« La guerre c’est la routine », disait Voltaire. Nos sociétés consuméristes qui, comme des enfants ont vécu pendant trois quarts de siècle sous l’aile protectrice américaine, se sont réveillées à cette réalité. Voilà que l’Europe se réarme en vue d’une guerre devenue plus probable que jamais avec la Russie, afin de la mener ou de préférence pour ne pas avoir à l’engager. Dans ces conditions, quelle place doit être dévolue aux méthodes d’influence ou à la guerre de l’information ? Tel est l’objectif du manuel de Raphaël Chauvancy, officier supérieur des Troupes de marine (TDM) qui enseigne la stratégie à l’École de guerre économique (EGE).
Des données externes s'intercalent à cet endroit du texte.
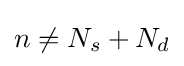
n\neq N_{s}+N_{d}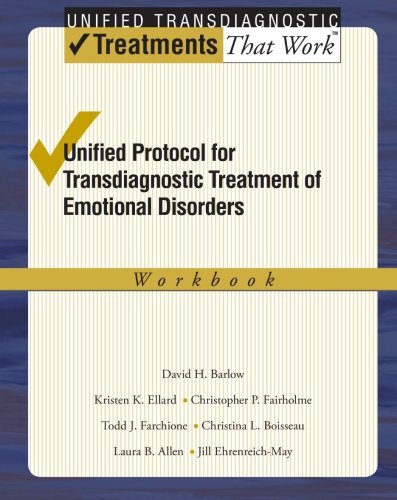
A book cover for Unified Protocol for Transdiagnostic Treatment of Emotional Disorders: Workbook (Treatments That Work); David H. Barlow; Medical Books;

Ce qui signifie que son livre couvre un éventail très large allant du Political Warfare, conception et organe d’application mis en œuvre par l’armée américaine dès 1943, à l’arme psychologique conceptualisée en 1957 par le général Ély, alors chef d’état-major général.
Le nerf de la guerre est donc l’information. « C’est l’opinion qui perd les batailles, et c’est l’opinion qui les gagne » disait le philosophe contre-révolutionnaire du XVIIIe siècle Joseph de Maistre. Or, celle-ci se forge par l’information, d’où l’importance de l’infoguerre parallèlement à la multiplication des canaux de diffusion et de communication. Le but de l’infoguerre est d’opérer l’encerclement cognitif de l’adversaire ou de la cible en faussant d’abord la perception du rapport de force. Puis de paralyser la volonté de combattre le compétiteur à l’aide d’une gamme de moyens que l’on a vu se déployer sur nos yeux, l’un des plus visibles ayant été la menace nucléaire brandie par le président Poutine dès le 27 février 2022 (1). Enfin, de disloquer la cible en délimitant sa légitimité.
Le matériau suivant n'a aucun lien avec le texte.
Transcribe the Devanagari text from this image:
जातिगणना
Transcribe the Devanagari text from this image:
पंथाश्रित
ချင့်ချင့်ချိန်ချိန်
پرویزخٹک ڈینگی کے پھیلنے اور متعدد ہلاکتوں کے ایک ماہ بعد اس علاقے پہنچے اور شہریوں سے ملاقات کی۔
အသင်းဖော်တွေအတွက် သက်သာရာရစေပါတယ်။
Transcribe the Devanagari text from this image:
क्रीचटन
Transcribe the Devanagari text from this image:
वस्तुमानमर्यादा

Il ne s’agit pas de principes purement théoriques, car on voit bien qu’en un sens Vladimir Poutine et Donald Trump se livrent chacun à leur façon à cet exercice vis-à-vis de l’Union européenne, en s’en prenant à ses valeurs, en minant sa cohésion vis-à-vis de leurs alliés dans la place, en misant sur ses peurs ou ses procrastinations. On ne savait pas que le Président américain, le « révolutionnaire » était devenu un adepte de Lénine, lequel proclamait « Dire la vérité est un préjugé bourgeois mesquin tandis qu’un mensonge est souvent justifié par les objectifs ». Cependant, rien de nouveau chez lui, il applique à grande échelle le modèle américain de la submersion qui permet d’écraser l’adversaire sous un déluge informationnel tous azimuts jusqu’à saturer ses défenses cognitives. À cet égard, la doctrine de l’Organisation du Traité de l’Atlantique Nord (Otan) distingue la désinformation, la mésinformation et la mal-information (p. 155) (2). Alors que la première consiste à disséminer délibérément de fausses informations avec l’intention de tromper sa cible, la deuxième se rapporte à une fausse information vérifiable, partagée sans intention de nuire et la dernière repose sur la diffusion une information fragmentaire sortie de son contexte. Nombreux sont les exemples de manipulation de l’information. Ce fut le cas en 1999 lorsque le ministre allemand de la Défense, Rudolf Scharping, a divulgué l’existence d’un prétendu plan serbe d’épuration ethnique au Kosovo (3). Plus encore ce fut le cas en 2003 lorsque le secrétaire d’État Colin Powell brandit une capsule d’anthrax lors d’une séance mémorable du Conseil de sécurité. Ce fut un mensonge qui s’avéra coûteux, car les avertissements de la CIA à l’automne 2021, selon lesquels la Russie s’apprêtait à envahir l’Ukraine, n’ont pas été pris au sérieux par les Européens. En dépit de ces quelques ratés, la guerre de l’influence constitue tant pour la France que pour l’Otan la sixième fonction stratégique (4).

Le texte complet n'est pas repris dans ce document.